From the streets of London to Peoria’s Warehouse District, Colt Sandberg is always pushing, ever moving.

It’s First Friday, and a man on stilts is struggling to escape from a fastened straitjacket outside The Atelier, an art studio in Peoria. A variety of facial expressions are painted across the crowd—amusement and confusion, skepticism and awe—as all await the fate of the man whose head rises more than 10 feet above hard pavement. Some snap pictures on their cellphones, others back away, and several cheer. An otherwise typical gallery visit has become a crash course in street performance by “Cosmic” Colt Sandberg.

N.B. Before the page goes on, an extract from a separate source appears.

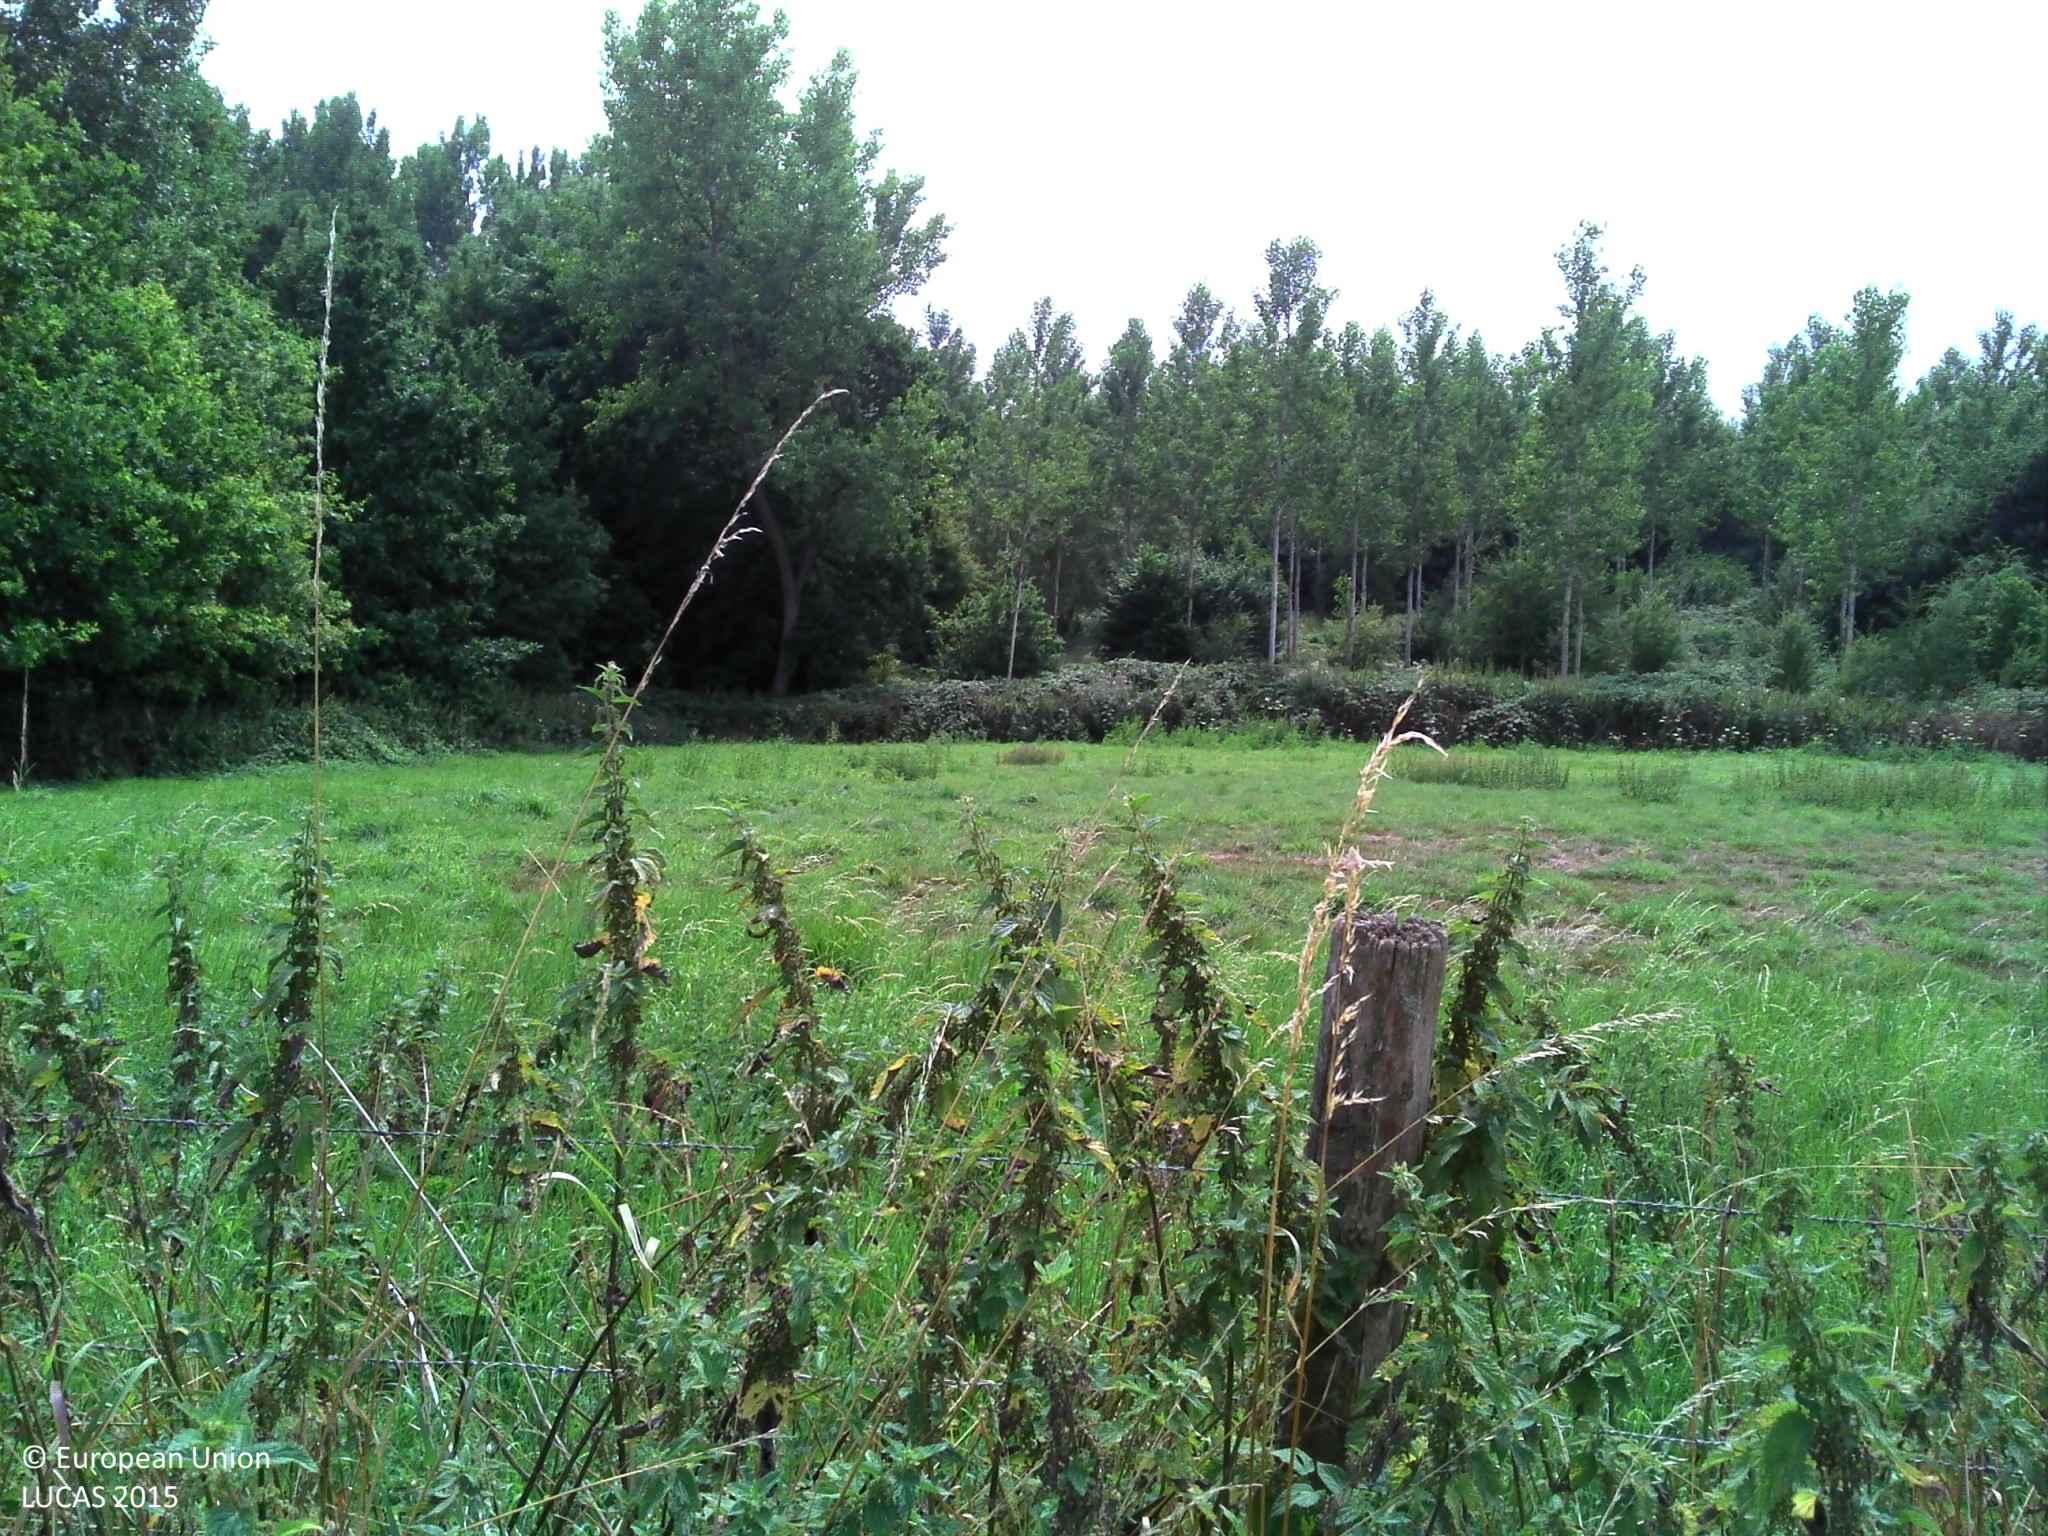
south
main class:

In a photoshopped world of computer-generated imagery, it’s not often one sees old-school, Buster Keaton-style stunt work—but traditional street performance challenges its audience in a way CGI does not. It’s no hoax: the dangers of broken bones, busted knees and dislocated shoulders are quite real… and so is the vulnerability shared by performer and audience. Today, as Colt Sandberg “sculpts” his largest piece of art to date—a building in Peoria’s Warehouse District—he hopes to harness that sense of creative intimacy.

A Showman’s DNA
Colt Sandberg spent his childhood growing up in Princeton, Illinois after his parents’ divorce. From time to time, he would visit his father, architect and former Peoria Councilman Gary Sandberg, and these moments had a significant impact on him—including the initial spark for the “life-or-death edge” that saturates his life and art. “My dad was a racecar driver,” he explains. “I grew up with the smell of gasoline… playing with engine bits.” A true iconoclast and Peoria icon, his father also fed Colt’s love of architecture—and his desire to push boundaries. “We’ve got it in our DNA to create and to push.”

After spending time in Chicago and Los Angeles, Colt moved to London in 1992 at the age of 21, working as a chef in a local pub. One evening, he was hitchhiking back to the city when a musician from the south of London picked him up. By the end of the ride, they were not only friends, but roommates. Before long, he struck up a friendship with their neighbor, an art dealer and rigging technician at the Piccadilly Theatre, who traveled abroad twice a year to bring artwork back to London. One day, he asked if Colt was interested in taking over his work at the Piccadilly while he was away. He accepted the challenge, and soon, Colt was walking through the stage doors as a rigger. For the next three months, he lived and worked as someone else. “No one questioned it.”

At the Piccadilly, he would hand-crank furniture onto the stage and rig artists up in gear to fly them high above the audience—his first taste of live performance. In between cues, most of the crew would head to the pub. “After the first couple of weeks, I got sick of the pint thing,” Colt says. “I noticed that next to the dressing room was an old set of juggling fire torches from the ‘70s. For the next two months, I taught myself how to juggle during my breaks.”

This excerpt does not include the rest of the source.